Ever since the enactment of 1956 Act, five disputes came up and the tribunals were constituted. The rivers concerned are Krishna, Narmada, Godavari, Ravi and Beas. Some of them received final adjudicatory orders.
Though the decisions of the tribunals were often criticized for delays, certain legal norms were firmly established. The principle of reasonable and equitable utilization was the guiding rule for the tribunals in resolving riparian rights of the conflicting states. In the process a number of principles emerged (Salman 2002). Some of them were: i) the manner in which dependable flow can be calculated and the consequences of failure of one state to utilize its share during one water year, and ii) treatment of prescriptive rights and of excess or deficit flows. Thus, the creation of tribunals for conflict resolution was very useful; many constitutional experts feels that a more assertive role can be played by the centre in matters regarding water.
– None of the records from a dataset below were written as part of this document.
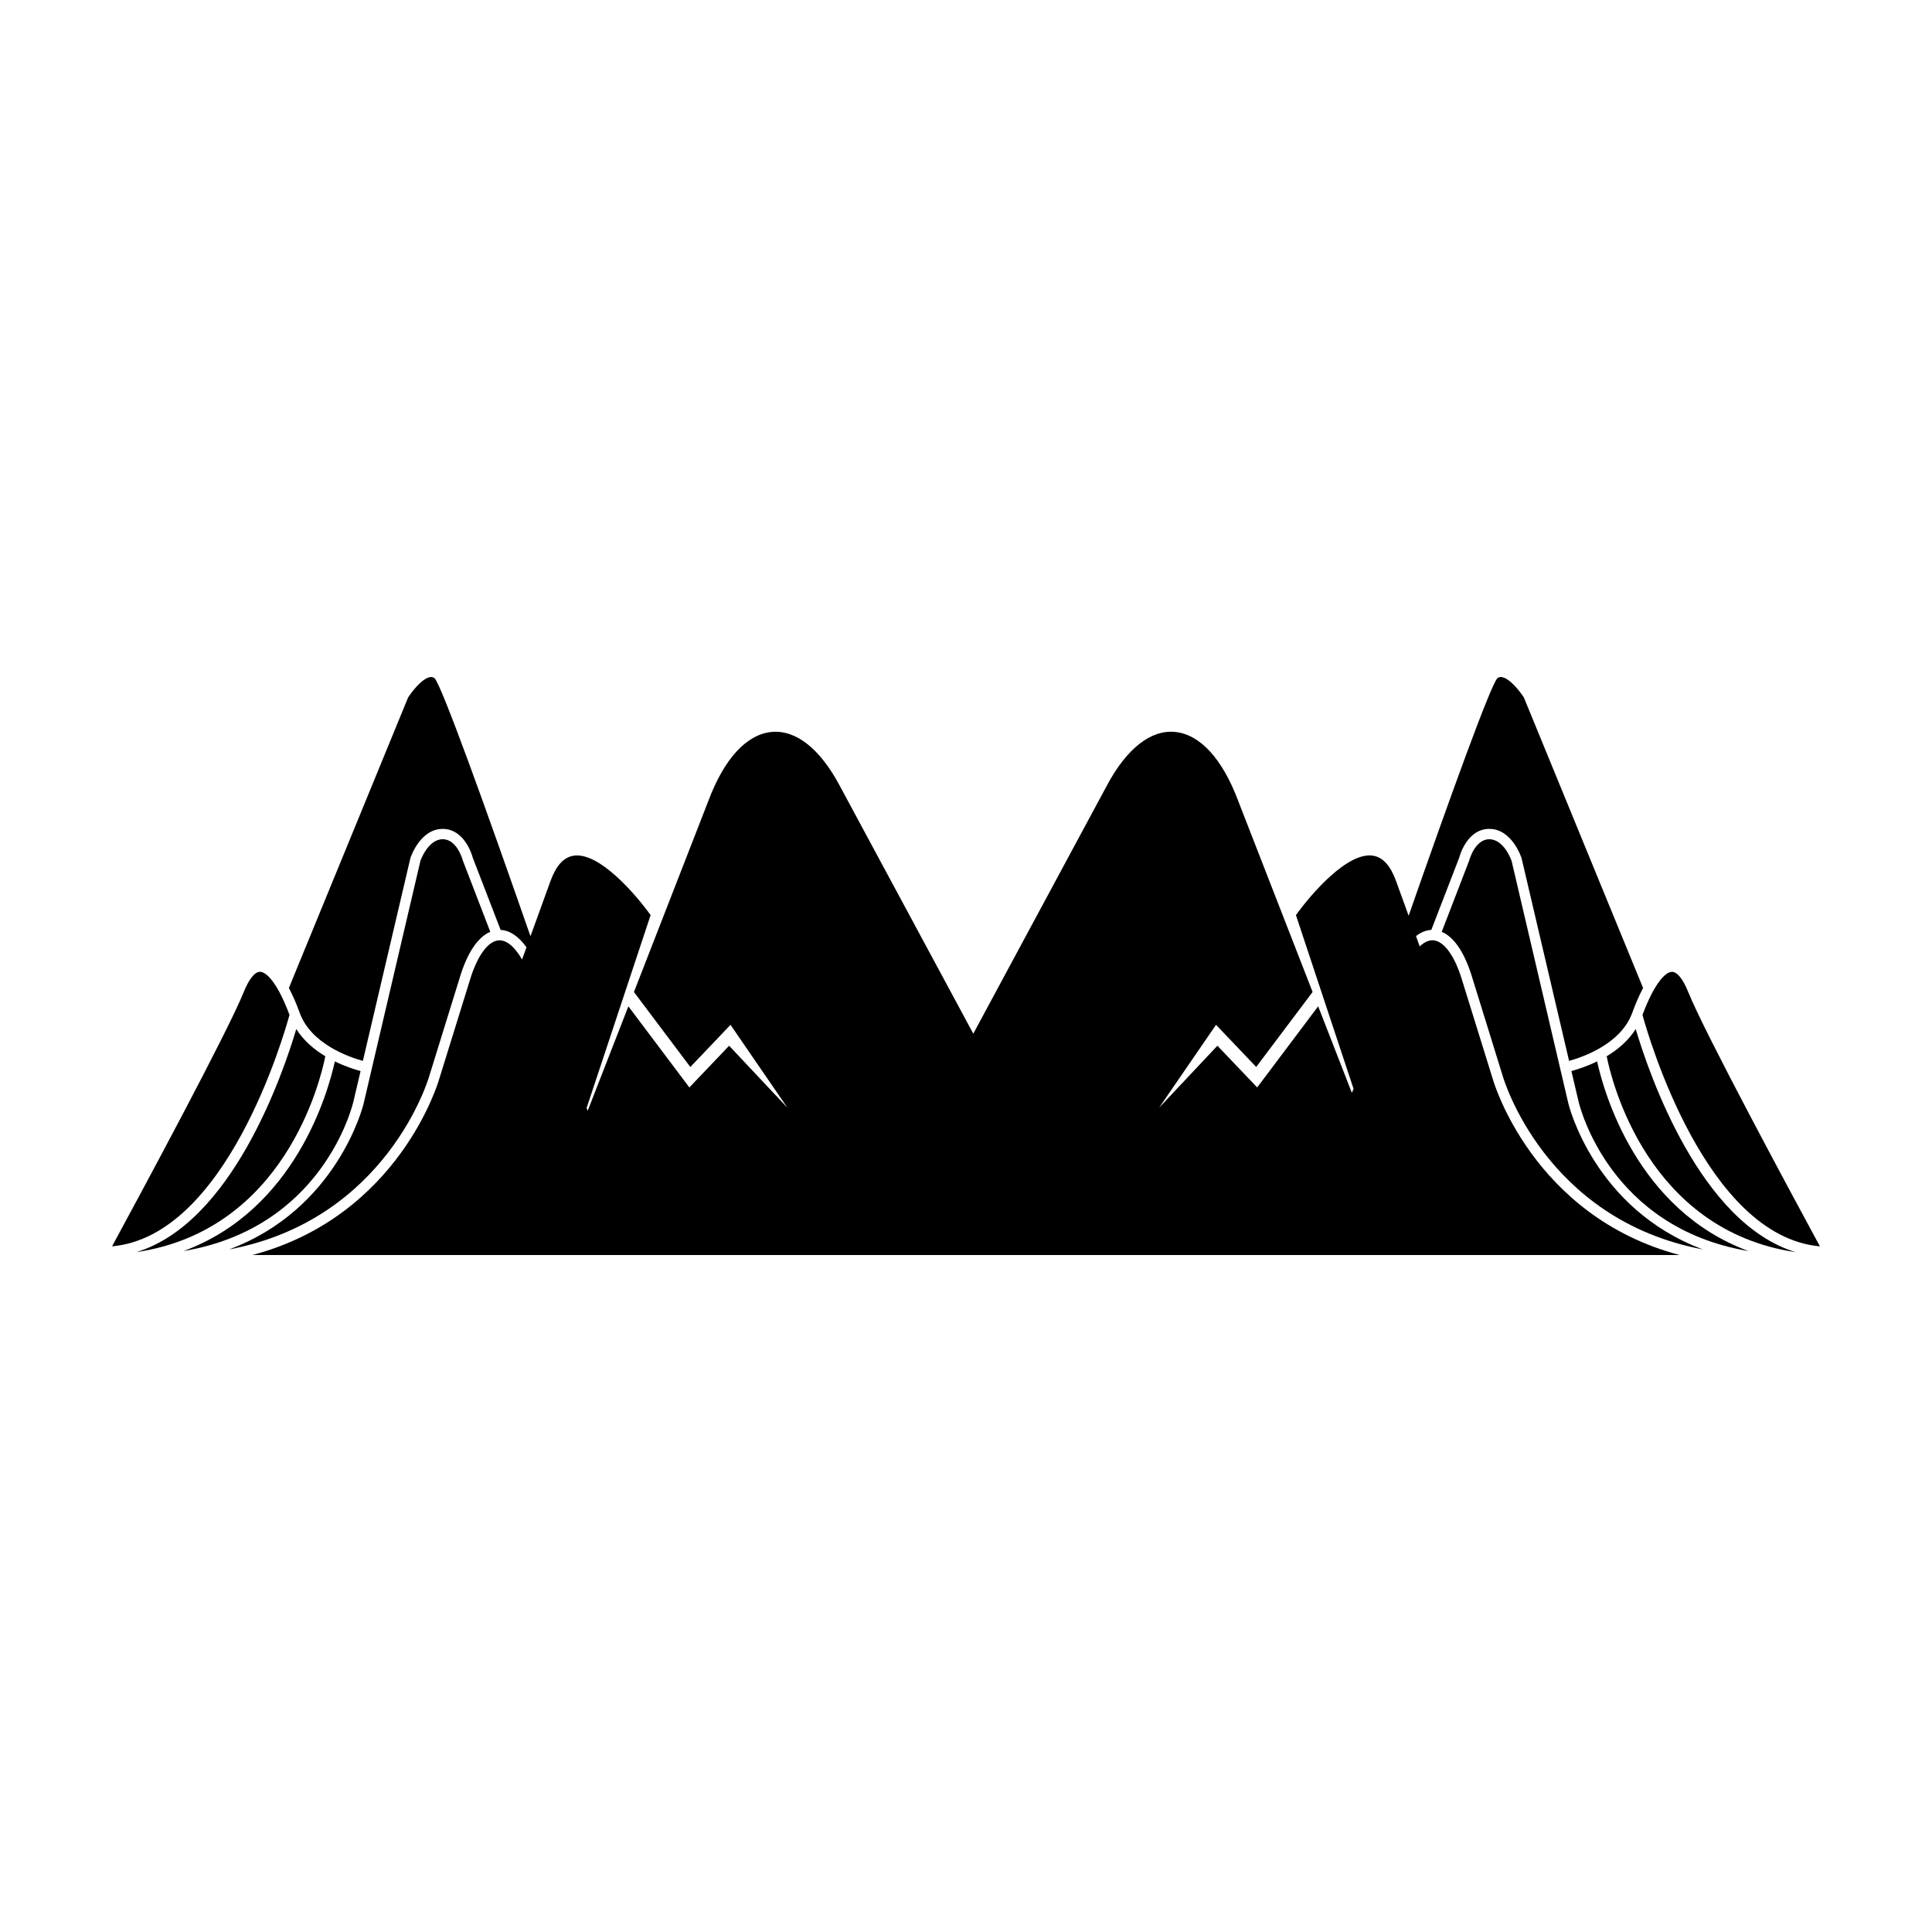 <?xml version="1.0" encoding="UTF-8"?>
<!-- Uploaded to: SVG Repo, www.svgrepo.com, Generator: SVG Repo Mixer Tools -->
<svg fill="#000000" width="800px" height="800px" version="1.1" viewBox="144 144 512 512" xmlns="http://www.w3.org/2000/svg">
 <g>
  <path d="m230.21 423.92c-2.863-1.719-5.711-4.074-7.691-7.211-3.606 12.109-17.09 51.465-42.426 59.129 39.289-5.805 48.824-45.395 50.117-51.918z"/>
  <path d="m257.71 429.32 8.117-26.188c1.969-6.578 4.789-10.801 8.105-12.191l-7.277-18.895c-0.012-0.055-1.484-5.641-5.324-5.641-3.938 0-5.902 5.695-5.918 5.754l-15.07 64.387c-0.082 0.344-6.867 27.84-35.613 38.559 41.859-7.887 52.855-45.355 52.98-45.785z"/>
  <path d="m237.66 435.92 1.898-8.078c-1.5-0.414-4.047-1.195-6.812-2.559-1.762 8.008-10.43 39.328-40.125 50.266 36.754-6.18 44.68-38.129 45.039-39.629z"/>
  <path d="m220.72 412.96c-3.109-8.352-6.055-11.395-7.805-11.422h-0.012c-1.391 0-2.93 1.926-4.336 5.422-4.199 10.5-27.316 53.391-34.871 67.332 30.316-2.699 45.59-56.102 47.023-61.332z"/>
  <path d="m577.48 416.71c-1.98 3.137-4.832 5.492-7.691 7.211 1.293 6.523 10.828 46.113 50.117 51.918-25.332-7.664-38.82-47.02-42.426-59.129z"/>
  <path d="m559.66 436.55-15.066-64.387c-0.012-0.055-1.98-5.754-5.918-5.754-3.84 0-5.312 5.586-5.324 5.641l-7.281 18.895c3.316 1.391 6.137 5.613 8.105 12.191l8.117 26.188c0.125 0.426 11.121 37.898 52.98 45.781-28.746-10.715-35.527-38.211-35.613-38.555z"/>
  <path d="m567.25 425.28c-2.766 1.363-5.312 2.144-6.812 2.559l1.898 8.078c0.355 1.5 8.285 33.453 45.039 39.629-29.695-10.938-38.363-42.258-40.125-50.266z"/>
  <path d="m626.3 474.3c-7.555-13.938-30.672-56.832-34.871-67.332-1.402-3.496-2.945-5.422-4.336-5.422h-0.012c-1.746 0.027-4.691 3.07-7.805 11.422 1.434 5.231 16.707 58.633 47.023 61.332z"/>
  <path d="m539.65 430.11-8.121-26.172c-1.953-6.562-4.844-10.582-7.719-10.746-1.168-0.078-2.379 0.484-3.566 1.613l-0.996-2.742c1.305-1.004 2.668-1.559 4.062-1.621l7.391-19.141c0.234-0.906 2.258-7.637 7.969-7.637 5.93 0 8.422 7.32 8.559 7.746l12.594 53.734c3.606-0.992 13.719-4.461 16.734-12.715 0.785-2.188 1.762-4.5 2.875-6.606l-31.582-76.965c-0.895-1.406-3.66-5.078-5.836-5.422-0.496-0.066-0.879 0.043-1.223 0.332-1.883 2.164-12.141 30.445-23.488 62.914l-3.305-9.125c-1.488-4.102-3.453-6.32-6.039-6.773-6.766-1.199-16.531 10.172-20.523 15.727l15.273 46.043-0.453 1.055-8.926-22.93-16.164 21.5-10.539-11.055-15.453 16.434 15.086-21.973 10.648 11.172 14.945-19.871-19.715-50.637c-4.184-11.172-10.125-17.633-16.734-18.277-6.402-0.629-12.758 4.359-17.941 13.977l-35.531 65.984-35.539-65.977c-5.18-9.621-11.535-14.609-17.941-13.977-6.609 0.645-12.551 7.106-16.734 18.277l-19.715 50.637 14.945 19.871 10.648-11.172 15.086 21.973-15.453-16.434-10.539 11.055-16.164-21.5-10.766 27.645-0.301-0.699 16.961-51.117c-3.992-5.559-13.758-16.926-20.523-15.727-2.582 0.449-4.547 2.668-6.039 6.773l-5.273 14.555c-12.078-34.688-23.398-66.059-25.383-68.344-0.344-0.289-0.73-0.398-1.223-0.332-2.176 0.344-4.941 4.019-5.836 5.422l-31.582 76.965c1.113 2.106 2.09 4.418 2.875 6.606 3.012 8.258 13.129 11.727 16.734 12.715l12.59-53.734c0.137-0.426 2.629-7.746 8.559-7.746 5.711 0 7.734 6.727 7.969 7.637l7.391 19.141c2.426 0.109 4.766 1.703 6.852 4.59l-1.176 3.238c-1.953-3.383-4.125-5.215-6.172-5.074-2.875 0.164-5.766 4.184-7.719 10.746l-8.121 26.172c-0.109 0.383-10.512 36.16-49.457 46.469h378.21c-38.934-10.312-49.336-46.09-49.445-46.477z"/>
 </g>
</svg>

The background paper on Article 262 (Bakshi 2002) and inter-state disputes relating to water for the National Commission for the working of constitution, exclusively dealt with various ‘legal provisions’ and ‘doctrines’ involved in sharing of water in between the states. Barring the legislative role, the center can however, influence the states by making policy announcements and allocation of budgetary resources. Since most of the state governments are severely cash-strapped, the center can and does influence the states through budgetary allocations. The Sarkaria Commission on center-state relations examined the issue of constitutional provisions in respect to water and could not find favor with the suggestion that water should be included in the union list alone. The National Commission for Integrated Water Resources Development (1999) was of the opinion that while constitutional changes are not required, it urged the union government to enact laws to deal more effectively with inter-state rivers and develop effective institutional consultative mechanisms through which the center and states could agree on a number of issues related to water.
Soon after independence there was a lot of emphasis on providing irrigation infrastructure. Over a period of time we find that the large irrigation projects are no longer preferred. Over the years poverty alleviation programs of various types have expanded in size and today absorb a large volume of resources. The plan provision for rural development is Rs.7,000 crores, for food subsidy Rs.13,000 crores and for kerosene and LPG the subsidy is about Rs.12,000 crores, making a total of Rs.32,000 crores. Against this, the provision for irrigation is only Rs.17,000 crores. The drop in the public investment in irrigation is largely due to the resource crunch faced by the governments – both center and state. However, there is considerable scope to improve the efficiency of existing irrigation infrastructure through better and more participative management practices, making use of the potential already created.